Het basiswerk over de geschiedenis van de Boekentoren is Een toren voor boeken. Henry van de Velde en de bouw van de Universiteitsbibliotheek en het Hoger Instituut voor Kunstgeschiedenis en Oudheidkunde te Gent (Tentoonstelling 26 oktober – 24 november 1985) (Gent 1985). Specifiek over de belvédère handelt Norbert Poulain, 'Alle schrijnwerkers van dit land zouden aan deze eischen niet kunnen voldoen': de inrichting van de Belvedère van de Gentse Boekentoren (Leuven: Peeters 2006). Inspiratie bood het essay van Pascal Verbeken, ‘Een verdwaalde vuurtoren vol boeken. Henry van de Veldes onmogelijke bibliotheek’, in Marco Daane en Dirk Leyman ed., Gent, de dubbelzinnige (Het Oog in ’t Zeil 7) (Amstelveen: Uitgeverij Bas Lubberhuizen 2000) 185-190. Ruben Mantels' Torens van boeken. Universiteitsbibliotheek Gent, 1797-2020 (te verschijnen) behandelt de geschiedenis van de Gentse universiteitsbibliotheek.

Deel deze pagina: 
Aanmaken herinneringen toelaten

Herinneringen

Geert Bekaert over zijn indrukken van de Belvedère

‘Het interieur van de belvedère is uitzonderlijk, exuberant, een triomfkreet. Zelfs in zijn verloederde staat straalt het nog zijn verhevenheid uit. Iets daarvan is ook in het hele interieur van de Boekentoren en het kunsthistorische instituut terug te vinden. De marmeren trap die naar de belvedère leidt is een indicatie van de continuïteit van het interieur. Van de Velde heeft er voor gezorgd dat de lift niet in de belvédère zelf uitkwam. Men moet de statige marmeren trap beklimmen om er de overweldigende indruk van te ondergaan, eerst en vooral van de disproportie en van het gratuïte van de hoge ruimte zelf, maar ook van de immense glazen wanden en van het spel van de pijlers en balken. De ruimte barst open, strekt in alle richtingen uit, ontwikkelt een intense dynamiek. Men kan niet anders dan denken aan een figuur van Van de Velde, Eos, de dageraad die zich in het opkomende licht uitstrekt. Architectuur reveleert zich hier als het maken van een open plek in de volte van de omgeving. Ze onttrekt zich aan de omgeving en metamorfoseert die.’

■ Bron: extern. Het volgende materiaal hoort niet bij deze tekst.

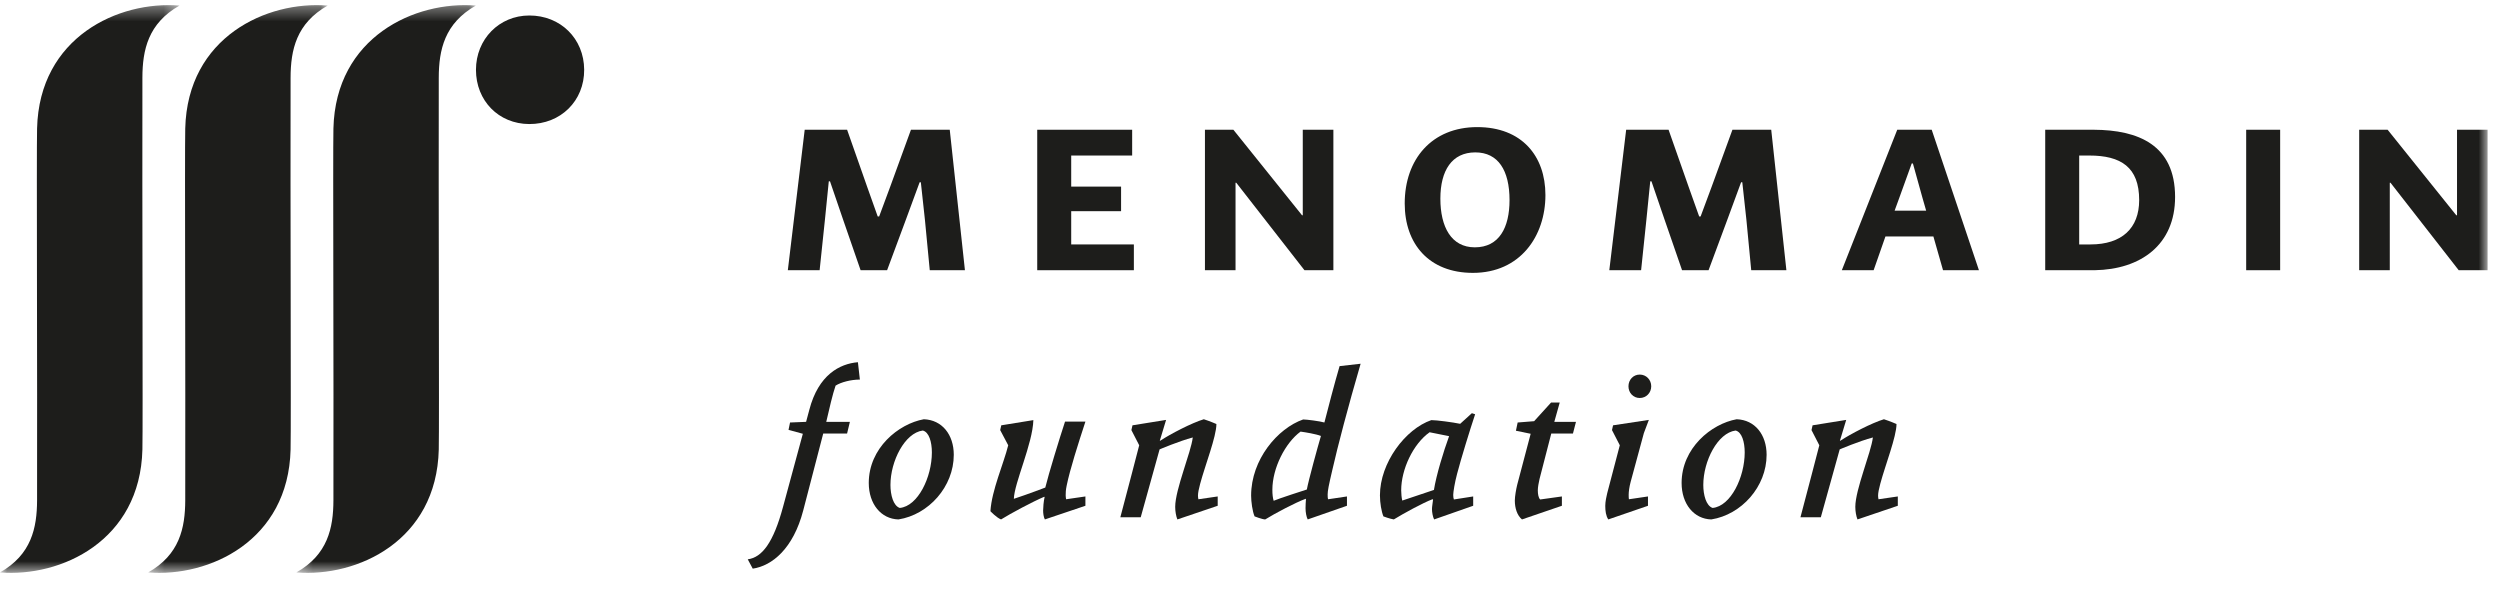 <?xml version="1.0" encoding="UTF-8"?> <svg xmlns="http://www.w3.org/2000/svg" xmlns:xlink="http://www.w3.org/1999/xlink" width="176px" height="42px" viewBox="0 0 176 42" version="1.1"><title>Logo menomadin foundation@0.5x</title><defs><polygon id="path-1" points="0.352 0.35 12.989 0.35 12.989 40.32 0.352 40.32"></polygon><polygon id="path-3" points="0 0.35 12.637 0.35 12.637 40.32 0 40.32"></polygon><polygon id="path-5" points="0.344 0.35 12.981 0.35 12.981 40.32 0.344 40.32"></polygon><polygon id="path-7" points="0 40.33 175.128 40.33 175.128 0.36 0 0.36"></polygon></defs><g id="UI-Desktop-&amp;-Mobile" stroke="none" stroke-width="1" fill="none" fill-rule="evenodd"><g id="01-Web_About" transform="translate(-933, -3362)"><g id="Logo-menomadin-foundation" transform="translate(933, 3362)"><path d="M41.126,4.907 C41.138,7.1 39.471,8.747 37.251,8.733 C35.103,8.72 33.508,7.092 33.508,4.914 C33.509,2.758 35.141,1.095 37.258,1.091 C39.46,1.086 41.114,2.718 41.126,4.907" id="Fill-1" fill="#1D1D1B"></path><g id="Group-5" transform="translate(10.08, 0.01)"><mask id="mask-2" fill="white"><use xlink:href="#path-1"></use></mask><g id="Clip-4"></g><path d="M10.377,5.454 C10.354,13.973 10.419,29.825 10.377,31.635 C10.225,38.076 4.635,40.637 0.352,40.289 C2.558,39.041 2.955,37.163 2.961,35.215 C2.984,26.697 2.919,10.851 2.961,9.035 C3.116,2.593 8.706,0.035 12.989,0.381 C10.78,1.632 10.383,3.506 10.377,5.454" id="Fill-3" fill="#1D1D1B" mask="url(#mask-2)"></path></g><g id="Group-8" transform="translate(0, 0.01)"><mask id="mask-4" fill="white"><use xlink:href="#path-3"></use></mask><g id="Clip-7"></g><path d="M10.025,5.454 C10.003,13.973 10.067,29.825 10.025,31.635 C9.873,38.076 4.284,40.637 -3.6e-05,40.289 C2.206,39.041 2.603,37.163 2.61,35.215 C2.632,26.697 2.567,10.851 2.61,9.035 C2.764,2.593 8.354,0.035 12.637,0.381 C10.428,1.632 10.031,3.506 10.025,5.454" id="Fill-6" fill="#1D1D1B" mask="url(#mask-4)"></path></g><g id="Group-11" transform="translate(20.52, 0.01)"><mask id="mask-6" fill="white"><use xlink:href="#path-5"></use></mask><g id="Clip-10"></g><path d="M10.369,5.454 C10.346,13.973 10.411,29.825 10.369,31.635 C10.217,38.076 4.627,40.637 0.344,40.289 C2.55,39.041 2.947,37.163 2.953,35.215 C2.976,26.697 2.911,10.851 2.953,9.035 C3.108,2.593 8.698,0.035 12.981,0.381 C10.772,1.632 10.375,3.506 10.369,5.454" id="Fill-9" fill="#1D1D1B" mask="url(#mask-6)"></path></g><path d="M58.825,27.149 C58.626,27.714 58.367,28.828 58.168,29.698 L59.832,29.698 L59.634,30.522 L57.955,30.522 L56.55,35.926 C55.848,38.629 54.352,39.834 52.993,40.033 L52.642,39.377 C53.65,39.239 54.444,38.216 55.13,35.667 L56.52,30.538 L55.512,30.263 L55.619,29.744 L56.749,29.698 L56.978,28.843 C57.619,26.386 59.115,25.607 60.397,25.5 L60.535,26.722 C59.909,26.722 59.206,26.904 58.825,27.149" id="Fill-12" fill="#1D1D1B"></path><path d="M64.963,30.309 C63.695,30.477 62.688,32.461 62.688,34.141 C62.688,34.843 62.886,35.606 63.344,35.759 C64.627,35.636 65.604,33.591 65.604,31.851 C65.604,31.118 65.405,30.416 64.963,30.309 M63.253,36.568 C62.031,36.537 61.161,35.484 61.161,34.003 C61.161,31.545 63.253,29.836 65.039,29.515 C66.321,29.561 67.146,30.599 67.146,32.018 C67.146,34.263 65.375,36.232 63.253,36.568" id="Fill-14" fill="#1D1D1B"></path><path d="M73.558,36.568 C73.467,36.4 73.436,36.125 73.436,35.942 C73.436,35.774 73.467,35.285 73.543,34.98 L73.497,34.98 C72.703,35.316 71.161,36.14 70.474,36.568 C70.154,36.446 69.726,35.988 69.726,35.988 C69.818,34.507 70.658,32.645 70.978,31.347 L70.413,30.278 L70.49,29.942 L72.749,29.576 C72.703,31.225 71.406,34.003 71.375,35.117 C72.352,34.797 73.589,34.324 73.589,34.324 C73.818,33.377 74.596,30.843 74.978,29.683 L76.413,29.683 C75.894,31.271 75.329,33.041 75.1,34.156 C75.024,34.507 75.024,34.69 75.024,34.873 C75.024,34.95 75.039,35.072 75.054,35.148 L76.413,34.95 L76.413,35.606 L73.558,36.568 Z" id="Fill-16" fill="#1D1D1B"></path><path d="M82.887,36.568 C82.795,36.339 82.734,36.003 82.734,35.682 C82.734,34.461 83.848,31.85 83.971,30.797 C82.994,31.057 81.635,31.637 81.635,31.637 C81.635,31.637 80.414,36.018 80.307,36.415 L78.872,36.415 C79.422,34.354 80.017,32.049 80.2,31.347 L79.65,30.278 L79.727,29.942 L82.093,29.561 L81.65,31.026 L81.681,31.026 C82.398,30.553 83.894,29.774 84.749,29.515 C85.177,29.652 85.635,29.851 85.635,29.851 C85.635,30.736 84.841,32.751 84.49,34.064 C84.398,34.43 84.337,34.675 84.337,34.904 C84.337,34.995 84.352,35.056 84.367,35.148 L85.726,34.95 L85.726,35.606 L82.887,36.568 Z" id="Fill-18" fill="#1D1D1B"></path><path d="M91.559,30.385 C90.475,31.179 89.575,32.965 89.575,34.476 C89.575,34.812 89.605,35.056 89.666,35.255 C89.956,35.118 92.002,34.461 92.002,34.461 C92.109,33.85 92.781,31.408 92.994,30.691 C92.643,30.553 91.895,30.431 91.559,30.385 M93.803,33.057 C93.544,34.156 93.467,34.553 93.467,34.797 C93.467,34.934 93.467,35.056 93.498,35.148 L94.826,34.95 L94.826,35.606 L92.063,36.568 C91.971,36.4 91.91,36.064 91.91,35.774 C91.91,35.591 91.926,35.285 91.941,35.118 L91.91,35.118 C91.208,35.377 89.758,36.14 89.071,36.568 C88.872,36.568 88.323,36.354 88.323,36.354 C88.17,36.003 88.079,35.316 88.079,34.889 C88.079,32.355 89.941,30.156 91.742,29.53 C91.986,29.53 92.933,29.652 93.238,29.744 C93.452,28.904 93.971,26.904 94.307,25.775 L95.788,25.607 C94.902,28.645 94.169,31.438 93.803,33.057" id="Fill-20" fill="#1D1D1B"></path><path d="M100.643,30.431 C99.483,31.255 98.644,33.041 98.644,34.522 C98.644,34.736 98.674,35.072 98.72,35.24 L100.949,34.491 C101.117,33.438 101.621,31.789 102.017,30.706 L100.643,30.431 Z M102.582,33.347 C102.414,33.972 102.307,34.644 102.307,34.843 C102.307,34.965 102.323,35.087 102.353,35.163 L103.712,34.95 L103.712,35.606 L100.964,36.568 C100.872,36.4 100.811,36.064 100.811,35.835 C100.811,35.682 100.872,35.331 100.888,35.163 L100.842,35.148 C100.186,35.392 98.766,36.171 98.125,36.568 C97.835,36.522 97.392,36.354 97.392,36.354 C97.254,36.018 97.148,35.407 97.148,34.873 C97.148,32.583 98.934,30.202 100.766,29.576 C101.132,29.576 102.292,29.729 102.796,29.836 L103.62,29.088 L103.849,29.164 C103.468,30.309 102.857,32.293 102.582,33.347 L102.582,33.347 Z" id="Fill-22" fill="#1D1D1B"></path><path d="M110.735,30.522 L109.209,30.522 L108.385,33.713 C108.323,33.972 108.262,34.309 108.262,34.522 C108.262,34.782 108.308,35.056 108.43,35.163 L109.957,34.95 L109.957,35.606 L107.148,36.568 C106.797,36.277 106.644,35.759 106.644,35.24 C106.644,34.95 106.736,34.43 106.812,34.125 L107.759,30.538 L106.721,30.324 L106.843,29.744 L108.003,29.652 L109.194,28.34 L109.804,28.34 L109.423,29.698 L110.949,29.698 L110.735,30.522 Z" id="Fill-24" fill="#1D1D1B"></path><path d="M115.438,28.019 C114.98,28.019 114.644,27.652 114.644,27.195 C114.644,26.737 114.98,26.37 115.438,26.37 C115.896,26.37 116.247,26.737 116.247,27.195 C116.247,27.652 115.896,28.019 115.438,28.019 L115.438,28.019 Z M115.728,30.492 L114.797,33.927 C114.705,34.263 114.659,34.629 114.659,34.812 C114.659,34.934 114.659,35.072 114.675,35.148 L116.018,34.95 L116.018,35.606 L113.224,36.568 C113.057,36.323 113.011,35.972 113.011,35.606 C113.011,35.316 113.102,34.904 113.148,34.72 L114.034,31.347 L113.484,30.278 L113.56,29.942 L116.079,29.561 L115.728,30.492 Z" id="Fill-26" fill="#1D1D1B"></path><path d="M122.186,30.309 C120.919,30.477 119.912,32.461 119.912,34.141 C119.912,34.843 120.11,35.606 120.568,35.759 C121.85,35.636 122.827,33.591 122.827,31.851 C122.827,31.118 122.629,30.416 122.186,30.309 M120.476,36.568 C119.255,36.537 118.385,35.484 118.385,34.003 C118.385,31.545 120.476,29.836 122.262,29.515 C123.545,29.561 124.369,30.599 124.369,32.018 C124.369,34.263 122.598,36.232 120.476,36.568" id="Fill-28" fill="#1D1D1B"></path><path d="M130.767,36.568 C130.675,36.339 130.614,36.003 130.614,35.682 C130.614,34.461 131.728,31.85 131.851,30.797 C130.873,31.057 129.515,31.637 129.515,31.637 C129.515,31.637 128.293,36.018 128.186,36.415 L126.752,36.415 C127.301,34.354 127.897,32.049 128.08,31.347 L127.53,30.278 L127.606,29.942 L129.973,29.561 L129.53,31.026 L129.561,31.026 C130.278,30.553 131.774,29.774 132.629,29.515 C133.057,29.652 133.514,29.851 133.514,29.851 C133.514,30.736 132.721,32.751 132.37,34.064 C132.278,34.43 132.217,34.675 132.217,34.904 C132.217,34.995 132.232,35.056 132.247,35.148 L133.606,34.95 L133.606,35.606 L130.767,36.568 Z" id="Fill-30" fill="#1D1D1B"></path><polygon id="Fill-32" fill="#1D1D1B" points="56.651 9.134 59.636 9.134 61.061 13.188 61.791 15.24 61.892 15.24 62.673 13.137 64.131 9.134 66.862 9.134 67.931 19.023 65.455 19.023 65.115 15.478 64.827 12.832 64.742 12.832 63.775 15.461 62.452 19.023 60.586 19.023 59.348 15.444 58.432 12.764 58.347 12.764 58.076 15.461 57.702 19.023 55.463 19.023"></polygon><polygon id="Fill-34" fill="#1D1D1B" points="73.021 9.134 79.704 9.134 79.704 10.949 75.413 10.949 75.413 13.137 78.924 13.137 78.924 14.867 75.413 14.867 75.413 17.208 79.824 17.208 79.824 19.023 73.021 19.023"></polygon><polygon id="Fill-36" fill="#1D1D1B" points="84.828 9.134 86.83 9.134 91.664 15.156 91.715 15.156 91.715 9.134 93.87 9.134 93.87 19.023 91.834 19.023 87.034 12.866 86.982 12.866 86.982 19.023 84.828 19.023"></polygon><path d="M106.271,14.087 C106.271,12 105.474,10.728 103.862,10.728 C102.217,10.728 101.402,12 101.402,13.985 C101.402,15.97 102.165,17.412 103.828,17.412 C105.541,17.412 106.271,16.021 106.271,14.087 M98.892,14.325 C98.892,11.203 100.809,8.948 103.998,8.948 C107.136,8.948 108.798,10.983 108.798,13.731 C108.798,16.631 107.017,19.21 103.692,19.21 C100.605,19.21 98.892,17.174 98.892,14.325" id="Fill-38" fill="#1D1D1B"></path><polygon id="Fill-40" fill="#1D1D1B" points="114.482 9.134 117.467 9.134 118.892 13.188 119.622 15.24 119.723 15.24 120.504 13.137 121.963 9.134 124.694 9.134 125.762 19.023 123.286 19.023 122.947 15.478 122.658 12.832 122.573 12.832 121.606 15.461 120.283 19.023 118.417 19.023 117.179 15.444 116.263 12.764 116.178 12.764 115.907 15.461 115.534 19.023 113.295 19.023"></polygon><path d="M133.38,14.833 L135.602,14.833 L135.348,13.951 L134.669,11.509 L134.584,11.509 L133.702,13.951 L133.38,14.833 Z M133.566,9.134 L135.992,9.134 L139.317,19.023 L136.789,19.023 L136.111,16.648 L132.735,16.648 L131.904,19.023 L129.665,19.023 L133.566,9.134 Z" id="Fill-42" fill="#1D1D1B"></path><path d="M146.375,10.949 L146.375,17.208 L147.172,17.208 C149.377,17.208 150.598,16.071 150.598,14.087 C150.598,11.763 149.309,10.949 147.087,10.949 L146.375,10.949 Z M143.983,9.134 L147.409,9.134 C150.513,9.151 153.126,10.186 153.126,13.866 C153.126,17.242 150.7,18.972 147.46,19.023 L143.983,19.023 L143.983,9.134 Z" id="Fill-44" fill="#1D1D1B"></path><mask id="mask-8" fill="white"><use xlink:href="#path-7"></use></mask><g id="Clip-47"></g><polygon id="Fill-46" fill="#1D1D1B" mask="url(#mask-8)" points="158.131 19.023 160.523 19.023 160.523 9.134 158.131 9.134"></polygon><polygon id="Fill-48" fill="#1D1D1B" mask="url(#mask-8)" points="166.087 9.134 168.089 9.134 172.923 15.156 172.974 15.156 172.974 9.134 175.128 9.134 175.128 19.023 173.093 19.023 168.292 12.866 168.241 12.866 168.241 19.023 166.087 19.023"></polygon></g></g></g></svg>

(Geert Bekaert, architect)

uit: Geert Bekaert. Hommage: bibliotheek Universiteit Gent. Gent:A&S Books, 2004.

 

Piet Dhanens vertelt hoe het lek in het waterbassin van de Belvedère er is gekomen

'De bevelhebber van de Duitse troepen in Gent, de fanatieke Hitleriaan Daser, was echter niet geneigd Gent zonder slag of stoot gewonnen te geven. Slechts na zeer moeilijke onderhandelingen met de Britten kon een gentleman's agreement bereikt worden, waardoor de Duitsers ongehinderd de stad mochten verlaten. Daser hield zich echter niet aan zijn woord. Op 1september1944 bliezen de Duitsers het munitiedepot van Zwijnaarde op. Omdat ze vreesden dat de bevrijders het luchtafweergeschut boven op het dak van de Boekentoren zouden overnemen, waren de Duitsers ook van plan de bovenverdiepingen te doen ontploffen. De bibliothecaris kon dit plan beletten door lang in te praten op de lokale bevelhebber, die dan maar besloot het kanon zelf te laten ontploffen. Dat zorgde voor een lek in het waterbassin dat tot op vandaag voor blijvende waterinfiltratie in de Belvedere van de Boekentoren zorgt.'

(Piet Dhanens, samen met Cynrik De Decker auteur van het boek Een eeuw luchtvaart boven Gent, 2009)

uit: 'Nu zijn we zeker dat er geen enkelen Duitsch meer overblijft!', in: Het Nieuwsblad, 11/09/2009.